▶ _TASK GOAL_
Restate every line of the data word for word, except for the images.

Entries taken from a collection:

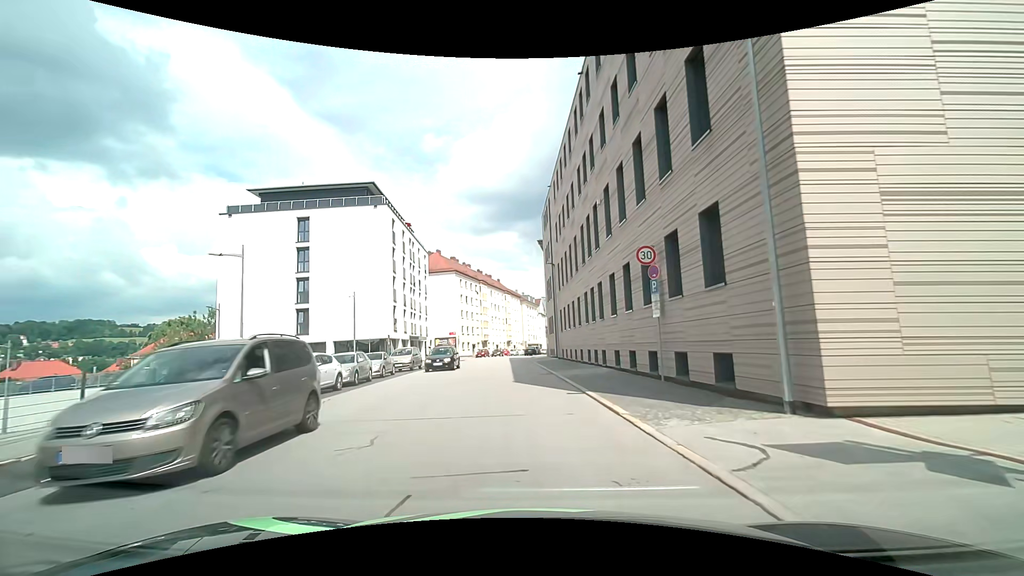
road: tertiary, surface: asphalt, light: Day
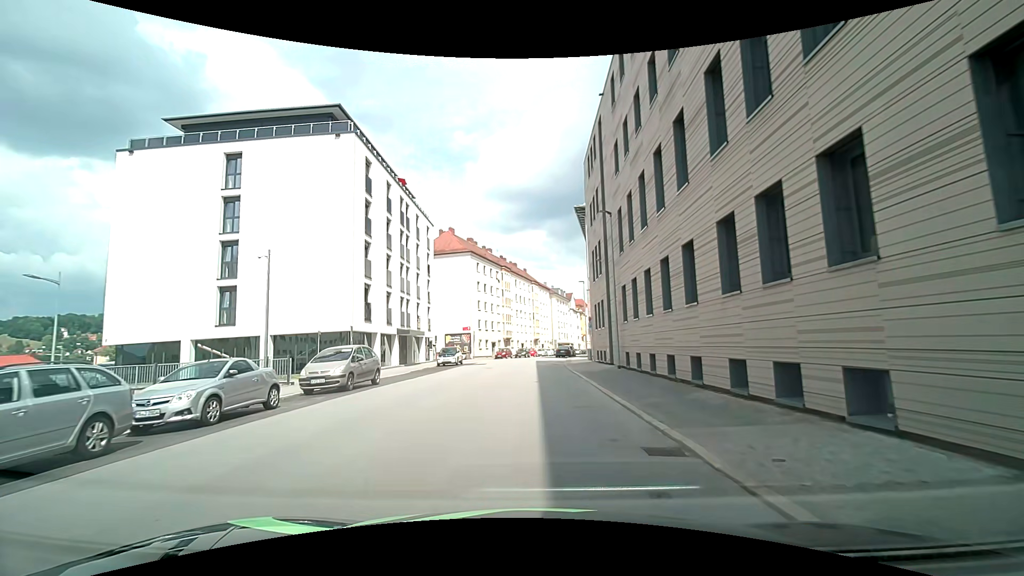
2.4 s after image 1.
(-0.4, +16.6) m; -2°
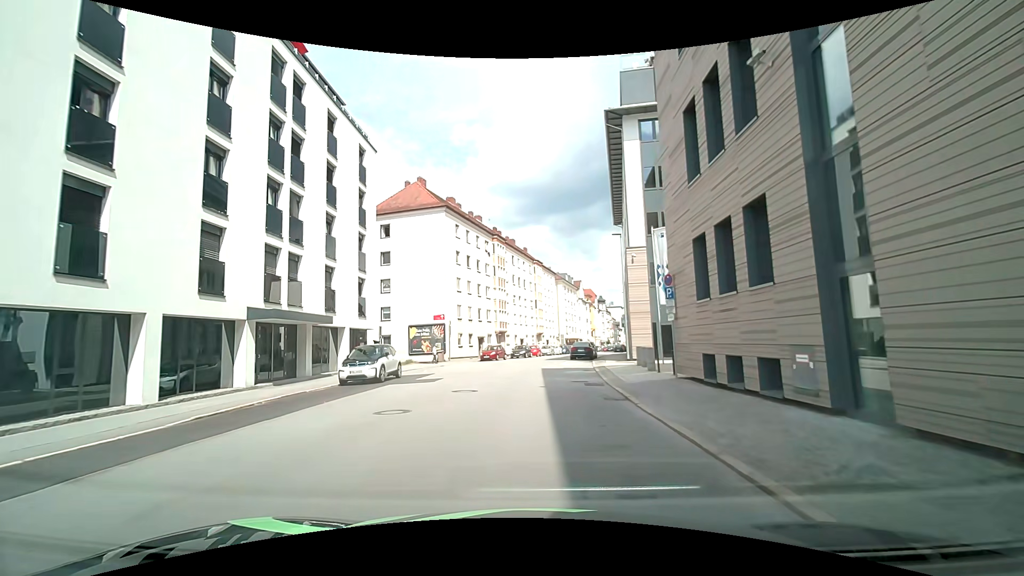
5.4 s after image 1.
(+0.1, +21.7) m; -1°
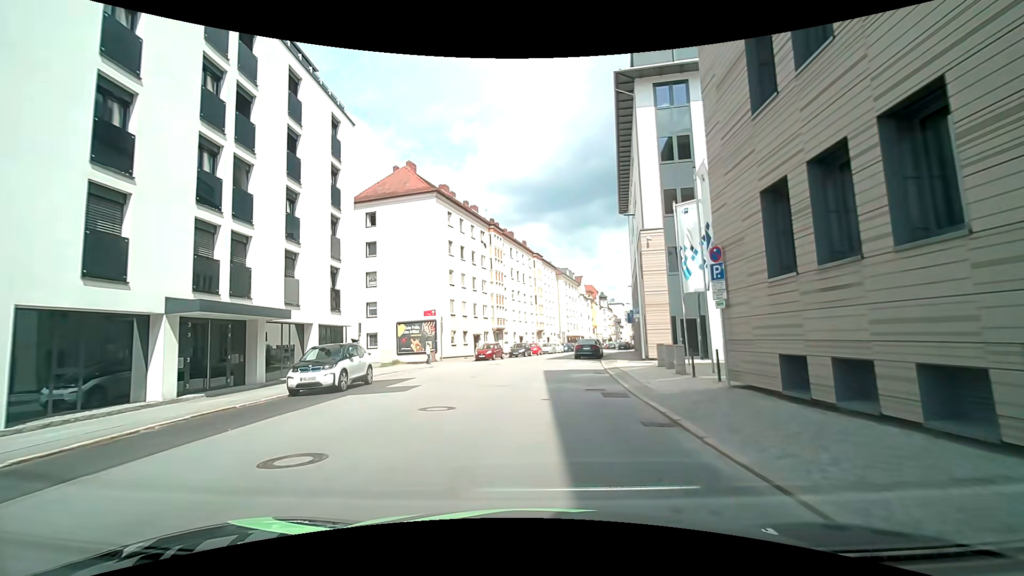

▶ _OUTPUT FOR THIS TASK_
road: tertiary, surface: asphalt, light: Day
2.4 s after image 1.
(-0.4, +16.6) m; -2°
5.4 s after image 1.
(+0.1, +21.7) m; -1°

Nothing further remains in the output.